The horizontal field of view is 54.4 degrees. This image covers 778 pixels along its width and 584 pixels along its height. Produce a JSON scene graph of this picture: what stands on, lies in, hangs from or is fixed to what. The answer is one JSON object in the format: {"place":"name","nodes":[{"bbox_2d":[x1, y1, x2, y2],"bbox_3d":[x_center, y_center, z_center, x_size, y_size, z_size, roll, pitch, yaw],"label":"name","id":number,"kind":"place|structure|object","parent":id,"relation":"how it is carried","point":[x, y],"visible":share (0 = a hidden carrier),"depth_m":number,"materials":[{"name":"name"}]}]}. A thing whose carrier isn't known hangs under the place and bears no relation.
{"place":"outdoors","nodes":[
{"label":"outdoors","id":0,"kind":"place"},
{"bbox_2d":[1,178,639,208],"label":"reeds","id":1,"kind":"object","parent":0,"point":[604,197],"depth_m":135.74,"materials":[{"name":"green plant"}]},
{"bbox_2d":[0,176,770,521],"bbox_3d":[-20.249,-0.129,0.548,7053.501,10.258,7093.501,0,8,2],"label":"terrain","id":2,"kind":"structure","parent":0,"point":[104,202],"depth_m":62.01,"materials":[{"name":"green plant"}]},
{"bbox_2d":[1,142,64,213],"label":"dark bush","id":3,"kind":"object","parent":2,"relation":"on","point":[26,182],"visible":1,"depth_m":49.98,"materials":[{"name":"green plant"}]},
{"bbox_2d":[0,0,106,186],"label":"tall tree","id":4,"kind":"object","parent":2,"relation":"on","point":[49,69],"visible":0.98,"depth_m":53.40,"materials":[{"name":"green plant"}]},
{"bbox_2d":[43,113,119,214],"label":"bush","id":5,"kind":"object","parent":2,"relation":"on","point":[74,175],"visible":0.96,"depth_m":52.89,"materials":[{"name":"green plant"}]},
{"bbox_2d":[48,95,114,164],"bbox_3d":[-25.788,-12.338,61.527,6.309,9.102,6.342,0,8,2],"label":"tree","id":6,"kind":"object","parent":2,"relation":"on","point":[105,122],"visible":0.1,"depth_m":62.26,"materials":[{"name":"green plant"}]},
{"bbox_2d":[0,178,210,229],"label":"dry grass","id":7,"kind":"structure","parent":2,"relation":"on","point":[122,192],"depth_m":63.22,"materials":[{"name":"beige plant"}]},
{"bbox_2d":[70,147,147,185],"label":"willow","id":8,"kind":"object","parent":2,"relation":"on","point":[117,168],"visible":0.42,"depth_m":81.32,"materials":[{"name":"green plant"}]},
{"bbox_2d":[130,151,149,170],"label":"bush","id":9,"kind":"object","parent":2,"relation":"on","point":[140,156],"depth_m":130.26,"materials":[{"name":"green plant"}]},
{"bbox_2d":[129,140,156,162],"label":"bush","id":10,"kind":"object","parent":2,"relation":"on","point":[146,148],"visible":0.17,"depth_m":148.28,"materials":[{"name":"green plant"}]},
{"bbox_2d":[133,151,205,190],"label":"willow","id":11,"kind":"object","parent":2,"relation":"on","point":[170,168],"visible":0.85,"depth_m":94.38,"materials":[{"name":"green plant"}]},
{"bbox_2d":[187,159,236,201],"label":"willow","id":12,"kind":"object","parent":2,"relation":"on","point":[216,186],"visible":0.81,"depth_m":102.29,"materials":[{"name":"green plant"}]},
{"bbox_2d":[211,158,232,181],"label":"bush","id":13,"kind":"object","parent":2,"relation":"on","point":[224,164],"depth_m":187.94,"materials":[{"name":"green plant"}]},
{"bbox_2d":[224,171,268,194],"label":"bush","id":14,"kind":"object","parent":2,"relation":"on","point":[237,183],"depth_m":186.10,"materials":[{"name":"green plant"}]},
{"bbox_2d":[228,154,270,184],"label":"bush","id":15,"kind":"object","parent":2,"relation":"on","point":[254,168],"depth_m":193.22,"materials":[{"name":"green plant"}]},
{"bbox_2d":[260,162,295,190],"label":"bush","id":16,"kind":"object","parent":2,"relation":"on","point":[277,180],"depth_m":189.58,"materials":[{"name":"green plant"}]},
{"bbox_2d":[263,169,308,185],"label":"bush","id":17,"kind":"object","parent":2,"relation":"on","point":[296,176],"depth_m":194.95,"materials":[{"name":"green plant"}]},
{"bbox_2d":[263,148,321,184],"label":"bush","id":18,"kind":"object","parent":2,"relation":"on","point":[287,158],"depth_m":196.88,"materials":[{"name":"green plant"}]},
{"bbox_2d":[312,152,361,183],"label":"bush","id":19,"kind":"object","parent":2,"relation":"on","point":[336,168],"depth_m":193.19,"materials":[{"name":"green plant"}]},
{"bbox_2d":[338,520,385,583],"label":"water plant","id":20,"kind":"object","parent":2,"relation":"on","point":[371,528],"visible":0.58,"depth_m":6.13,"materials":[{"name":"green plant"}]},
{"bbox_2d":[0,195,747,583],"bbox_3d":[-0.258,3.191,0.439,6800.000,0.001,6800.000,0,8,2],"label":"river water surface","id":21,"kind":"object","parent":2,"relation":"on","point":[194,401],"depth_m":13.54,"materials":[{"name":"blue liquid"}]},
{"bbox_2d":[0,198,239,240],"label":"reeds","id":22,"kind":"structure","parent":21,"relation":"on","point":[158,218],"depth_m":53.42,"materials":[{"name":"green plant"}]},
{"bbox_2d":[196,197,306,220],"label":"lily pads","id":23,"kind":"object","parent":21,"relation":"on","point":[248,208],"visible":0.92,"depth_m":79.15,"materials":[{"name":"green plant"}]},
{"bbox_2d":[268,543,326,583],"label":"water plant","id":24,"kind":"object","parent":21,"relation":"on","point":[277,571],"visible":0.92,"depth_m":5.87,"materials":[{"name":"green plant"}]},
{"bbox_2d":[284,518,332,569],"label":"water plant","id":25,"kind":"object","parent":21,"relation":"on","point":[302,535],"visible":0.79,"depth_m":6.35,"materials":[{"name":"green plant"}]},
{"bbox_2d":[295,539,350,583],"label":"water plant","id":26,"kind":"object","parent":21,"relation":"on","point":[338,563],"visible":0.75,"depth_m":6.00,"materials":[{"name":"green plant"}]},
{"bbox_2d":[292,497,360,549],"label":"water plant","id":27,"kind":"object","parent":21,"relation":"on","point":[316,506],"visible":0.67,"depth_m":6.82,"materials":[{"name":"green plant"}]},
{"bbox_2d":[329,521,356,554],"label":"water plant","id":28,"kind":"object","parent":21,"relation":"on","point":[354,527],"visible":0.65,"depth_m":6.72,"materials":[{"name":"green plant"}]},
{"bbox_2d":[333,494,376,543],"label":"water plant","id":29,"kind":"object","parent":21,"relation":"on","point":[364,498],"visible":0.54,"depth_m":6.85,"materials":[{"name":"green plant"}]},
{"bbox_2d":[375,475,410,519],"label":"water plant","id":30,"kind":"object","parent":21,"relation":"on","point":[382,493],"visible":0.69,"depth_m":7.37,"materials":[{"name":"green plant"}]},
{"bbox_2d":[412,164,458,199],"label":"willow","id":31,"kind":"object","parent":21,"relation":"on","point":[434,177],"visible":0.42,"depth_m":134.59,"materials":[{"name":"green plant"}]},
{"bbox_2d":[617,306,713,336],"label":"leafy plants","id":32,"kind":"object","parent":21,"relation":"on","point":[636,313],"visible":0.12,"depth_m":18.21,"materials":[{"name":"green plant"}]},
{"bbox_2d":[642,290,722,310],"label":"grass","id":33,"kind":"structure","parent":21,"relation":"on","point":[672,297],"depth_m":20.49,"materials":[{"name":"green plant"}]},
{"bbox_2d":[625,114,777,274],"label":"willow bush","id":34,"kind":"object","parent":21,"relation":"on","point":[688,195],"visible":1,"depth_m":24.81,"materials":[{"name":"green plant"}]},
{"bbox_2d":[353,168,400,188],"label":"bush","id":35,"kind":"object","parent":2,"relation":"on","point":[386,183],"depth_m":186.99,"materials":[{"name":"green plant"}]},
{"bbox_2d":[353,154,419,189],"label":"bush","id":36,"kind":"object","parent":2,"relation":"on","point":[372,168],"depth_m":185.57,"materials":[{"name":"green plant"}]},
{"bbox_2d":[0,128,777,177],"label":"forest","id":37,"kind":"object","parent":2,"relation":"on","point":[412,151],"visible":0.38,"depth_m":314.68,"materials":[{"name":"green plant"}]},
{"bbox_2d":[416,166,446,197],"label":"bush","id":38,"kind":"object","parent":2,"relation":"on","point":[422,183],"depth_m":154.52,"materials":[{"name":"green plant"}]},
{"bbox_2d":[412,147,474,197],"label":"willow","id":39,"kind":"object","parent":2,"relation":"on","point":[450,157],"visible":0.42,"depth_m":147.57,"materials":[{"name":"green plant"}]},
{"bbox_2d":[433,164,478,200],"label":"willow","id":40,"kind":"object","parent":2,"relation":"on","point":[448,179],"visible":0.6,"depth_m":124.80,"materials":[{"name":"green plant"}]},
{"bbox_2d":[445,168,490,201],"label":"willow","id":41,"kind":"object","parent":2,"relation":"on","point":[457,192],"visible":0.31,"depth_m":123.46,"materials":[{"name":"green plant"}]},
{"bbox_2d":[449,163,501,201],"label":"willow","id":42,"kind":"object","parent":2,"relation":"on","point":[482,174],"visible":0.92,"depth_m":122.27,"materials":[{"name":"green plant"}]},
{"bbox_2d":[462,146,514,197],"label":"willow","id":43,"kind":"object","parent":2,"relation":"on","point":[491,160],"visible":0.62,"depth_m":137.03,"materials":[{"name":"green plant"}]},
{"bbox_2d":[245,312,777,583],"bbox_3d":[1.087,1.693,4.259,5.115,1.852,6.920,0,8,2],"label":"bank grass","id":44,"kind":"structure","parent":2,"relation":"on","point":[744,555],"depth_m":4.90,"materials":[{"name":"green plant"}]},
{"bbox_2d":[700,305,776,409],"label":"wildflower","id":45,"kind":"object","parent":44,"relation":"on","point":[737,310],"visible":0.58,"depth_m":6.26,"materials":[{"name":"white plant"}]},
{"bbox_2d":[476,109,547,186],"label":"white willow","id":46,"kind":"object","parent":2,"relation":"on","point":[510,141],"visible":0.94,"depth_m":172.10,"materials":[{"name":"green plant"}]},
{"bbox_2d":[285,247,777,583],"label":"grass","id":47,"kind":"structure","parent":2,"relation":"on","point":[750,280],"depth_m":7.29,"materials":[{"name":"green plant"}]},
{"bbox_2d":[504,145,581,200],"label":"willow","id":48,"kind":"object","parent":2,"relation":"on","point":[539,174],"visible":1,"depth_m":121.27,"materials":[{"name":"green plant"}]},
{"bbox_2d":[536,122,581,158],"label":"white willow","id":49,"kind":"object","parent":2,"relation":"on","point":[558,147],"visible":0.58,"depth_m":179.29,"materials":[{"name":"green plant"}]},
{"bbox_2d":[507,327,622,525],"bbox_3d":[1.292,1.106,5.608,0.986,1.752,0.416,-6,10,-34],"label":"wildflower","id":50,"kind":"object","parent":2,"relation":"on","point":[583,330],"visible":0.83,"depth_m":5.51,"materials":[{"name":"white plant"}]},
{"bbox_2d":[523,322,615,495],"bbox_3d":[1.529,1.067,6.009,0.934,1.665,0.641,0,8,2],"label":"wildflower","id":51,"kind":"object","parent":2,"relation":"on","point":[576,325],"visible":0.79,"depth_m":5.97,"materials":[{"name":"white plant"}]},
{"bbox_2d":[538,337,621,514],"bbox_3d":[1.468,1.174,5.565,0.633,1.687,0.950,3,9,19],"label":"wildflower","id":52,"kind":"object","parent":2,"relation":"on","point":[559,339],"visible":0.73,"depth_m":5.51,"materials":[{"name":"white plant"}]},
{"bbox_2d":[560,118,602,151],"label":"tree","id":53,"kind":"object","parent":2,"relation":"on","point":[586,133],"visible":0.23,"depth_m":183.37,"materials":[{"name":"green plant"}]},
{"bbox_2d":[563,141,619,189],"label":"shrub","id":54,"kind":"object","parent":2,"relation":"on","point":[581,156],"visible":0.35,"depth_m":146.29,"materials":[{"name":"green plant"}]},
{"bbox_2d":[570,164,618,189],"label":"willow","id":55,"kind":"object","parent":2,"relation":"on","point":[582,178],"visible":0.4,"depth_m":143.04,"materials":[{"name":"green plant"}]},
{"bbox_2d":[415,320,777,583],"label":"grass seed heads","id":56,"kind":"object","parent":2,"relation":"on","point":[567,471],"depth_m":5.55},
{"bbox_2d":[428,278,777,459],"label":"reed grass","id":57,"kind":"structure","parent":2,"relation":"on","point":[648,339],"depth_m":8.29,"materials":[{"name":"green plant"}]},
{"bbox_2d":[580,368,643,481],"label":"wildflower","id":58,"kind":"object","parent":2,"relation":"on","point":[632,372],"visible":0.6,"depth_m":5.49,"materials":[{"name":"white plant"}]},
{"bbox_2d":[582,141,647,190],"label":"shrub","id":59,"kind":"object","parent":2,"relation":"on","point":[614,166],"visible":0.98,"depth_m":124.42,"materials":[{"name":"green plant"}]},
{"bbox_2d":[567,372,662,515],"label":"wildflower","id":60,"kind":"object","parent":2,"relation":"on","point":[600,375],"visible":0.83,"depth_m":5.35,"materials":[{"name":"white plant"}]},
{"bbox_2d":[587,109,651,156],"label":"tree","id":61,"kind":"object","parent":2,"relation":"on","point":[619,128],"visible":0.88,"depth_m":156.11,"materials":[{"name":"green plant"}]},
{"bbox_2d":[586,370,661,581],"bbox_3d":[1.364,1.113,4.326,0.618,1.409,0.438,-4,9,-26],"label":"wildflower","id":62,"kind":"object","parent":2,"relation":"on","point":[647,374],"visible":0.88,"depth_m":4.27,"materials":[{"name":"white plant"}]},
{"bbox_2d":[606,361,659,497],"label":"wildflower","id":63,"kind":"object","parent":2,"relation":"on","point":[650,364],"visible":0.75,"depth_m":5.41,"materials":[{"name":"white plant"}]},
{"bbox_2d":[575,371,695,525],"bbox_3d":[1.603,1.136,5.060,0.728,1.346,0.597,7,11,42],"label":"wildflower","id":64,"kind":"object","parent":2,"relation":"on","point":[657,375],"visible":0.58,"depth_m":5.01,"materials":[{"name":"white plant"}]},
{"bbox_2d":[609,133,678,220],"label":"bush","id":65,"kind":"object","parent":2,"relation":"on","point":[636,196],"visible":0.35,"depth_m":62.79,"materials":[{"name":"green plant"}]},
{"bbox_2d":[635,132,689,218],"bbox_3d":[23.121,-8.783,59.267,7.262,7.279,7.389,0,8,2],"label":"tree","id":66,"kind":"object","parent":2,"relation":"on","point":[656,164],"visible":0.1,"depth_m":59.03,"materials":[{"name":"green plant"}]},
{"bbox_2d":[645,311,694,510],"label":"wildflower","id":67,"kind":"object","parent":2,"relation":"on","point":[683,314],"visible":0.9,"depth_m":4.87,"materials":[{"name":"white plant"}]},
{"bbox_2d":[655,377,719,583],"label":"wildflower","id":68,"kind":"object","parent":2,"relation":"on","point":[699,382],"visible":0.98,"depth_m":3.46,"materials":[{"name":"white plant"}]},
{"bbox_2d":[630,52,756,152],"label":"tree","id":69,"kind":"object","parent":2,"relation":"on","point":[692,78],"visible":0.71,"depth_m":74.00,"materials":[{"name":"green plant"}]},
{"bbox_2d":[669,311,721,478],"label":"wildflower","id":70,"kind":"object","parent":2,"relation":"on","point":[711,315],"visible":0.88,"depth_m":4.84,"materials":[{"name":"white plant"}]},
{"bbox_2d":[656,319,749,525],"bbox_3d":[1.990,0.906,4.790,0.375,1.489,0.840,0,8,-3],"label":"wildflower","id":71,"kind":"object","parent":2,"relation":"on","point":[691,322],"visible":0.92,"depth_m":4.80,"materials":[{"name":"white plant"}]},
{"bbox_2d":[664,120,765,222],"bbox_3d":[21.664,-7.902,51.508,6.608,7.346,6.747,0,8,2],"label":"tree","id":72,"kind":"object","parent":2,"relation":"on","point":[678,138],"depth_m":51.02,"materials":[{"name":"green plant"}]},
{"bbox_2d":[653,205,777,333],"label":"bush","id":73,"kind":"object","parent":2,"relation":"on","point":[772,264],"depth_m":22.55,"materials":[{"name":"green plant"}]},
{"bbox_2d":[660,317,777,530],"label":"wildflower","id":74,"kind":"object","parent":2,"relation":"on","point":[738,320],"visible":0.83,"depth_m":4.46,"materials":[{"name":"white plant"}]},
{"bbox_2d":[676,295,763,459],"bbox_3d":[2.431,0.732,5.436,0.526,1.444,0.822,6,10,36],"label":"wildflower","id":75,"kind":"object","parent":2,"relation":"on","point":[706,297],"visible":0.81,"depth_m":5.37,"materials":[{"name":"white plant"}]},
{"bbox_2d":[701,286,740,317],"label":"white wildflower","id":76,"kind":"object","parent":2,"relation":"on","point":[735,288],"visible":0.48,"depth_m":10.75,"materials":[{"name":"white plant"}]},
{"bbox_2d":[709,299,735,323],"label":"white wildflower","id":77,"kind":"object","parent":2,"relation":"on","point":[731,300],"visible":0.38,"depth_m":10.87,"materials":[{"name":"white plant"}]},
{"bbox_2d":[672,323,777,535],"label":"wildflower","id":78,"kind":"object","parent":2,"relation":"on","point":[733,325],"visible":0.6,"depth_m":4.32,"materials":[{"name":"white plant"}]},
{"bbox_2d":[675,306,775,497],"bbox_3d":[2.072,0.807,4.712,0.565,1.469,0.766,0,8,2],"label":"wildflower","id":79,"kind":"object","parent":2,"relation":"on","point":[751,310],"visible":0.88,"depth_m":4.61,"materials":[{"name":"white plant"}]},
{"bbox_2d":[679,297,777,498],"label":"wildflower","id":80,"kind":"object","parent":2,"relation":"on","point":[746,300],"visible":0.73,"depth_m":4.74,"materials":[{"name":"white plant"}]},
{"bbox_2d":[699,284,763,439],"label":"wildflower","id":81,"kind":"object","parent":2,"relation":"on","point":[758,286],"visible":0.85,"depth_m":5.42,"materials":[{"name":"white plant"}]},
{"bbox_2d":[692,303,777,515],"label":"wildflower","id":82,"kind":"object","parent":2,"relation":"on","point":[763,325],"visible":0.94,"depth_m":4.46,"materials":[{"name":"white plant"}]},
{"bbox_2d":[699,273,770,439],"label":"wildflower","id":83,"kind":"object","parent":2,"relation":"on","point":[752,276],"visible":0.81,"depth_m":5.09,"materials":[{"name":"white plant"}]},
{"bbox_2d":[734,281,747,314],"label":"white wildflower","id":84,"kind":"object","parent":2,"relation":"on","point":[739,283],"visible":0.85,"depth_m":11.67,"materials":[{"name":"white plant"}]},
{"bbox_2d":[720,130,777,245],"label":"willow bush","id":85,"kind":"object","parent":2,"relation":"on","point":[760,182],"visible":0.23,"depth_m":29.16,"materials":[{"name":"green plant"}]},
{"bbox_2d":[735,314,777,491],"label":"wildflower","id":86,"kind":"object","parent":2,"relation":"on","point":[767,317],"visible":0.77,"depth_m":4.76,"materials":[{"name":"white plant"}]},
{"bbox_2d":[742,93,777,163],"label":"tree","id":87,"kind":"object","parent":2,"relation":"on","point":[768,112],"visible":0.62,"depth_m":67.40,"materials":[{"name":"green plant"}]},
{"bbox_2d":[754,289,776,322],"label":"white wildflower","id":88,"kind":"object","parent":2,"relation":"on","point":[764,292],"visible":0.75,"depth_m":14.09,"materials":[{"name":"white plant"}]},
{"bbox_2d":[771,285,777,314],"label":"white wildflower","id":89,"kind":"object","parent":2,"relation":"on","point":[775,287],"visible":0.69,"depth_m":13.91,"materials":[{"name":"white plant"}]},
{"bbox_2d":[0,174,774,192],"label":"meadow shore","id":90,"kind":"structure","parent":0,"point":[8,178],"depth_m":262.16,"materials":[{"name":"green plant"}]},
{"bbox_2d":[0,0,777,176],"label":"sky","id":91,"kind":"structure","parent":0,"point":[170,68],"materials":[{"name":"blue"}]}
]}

::::::::

Description of the task |
The expected answer is a copy of each line above containing "blue".

Result below |
{"bbox_2d":[0,195,747,583],"bbox_3d":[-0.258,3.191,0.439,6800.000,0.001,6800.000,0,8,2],"label":"river water surface","id":21,"kind":"object","parent":2,"relation":"on","point":[194,401],"depth_m":13.54,"materials":[{"name":"blue liquid"}]},
{"bbox_2d":[0,0,777,176],"label":"sky","id":91,"kind":"structure","parent":0,"point":[170,68],"materials":[{"name":"blue"}]}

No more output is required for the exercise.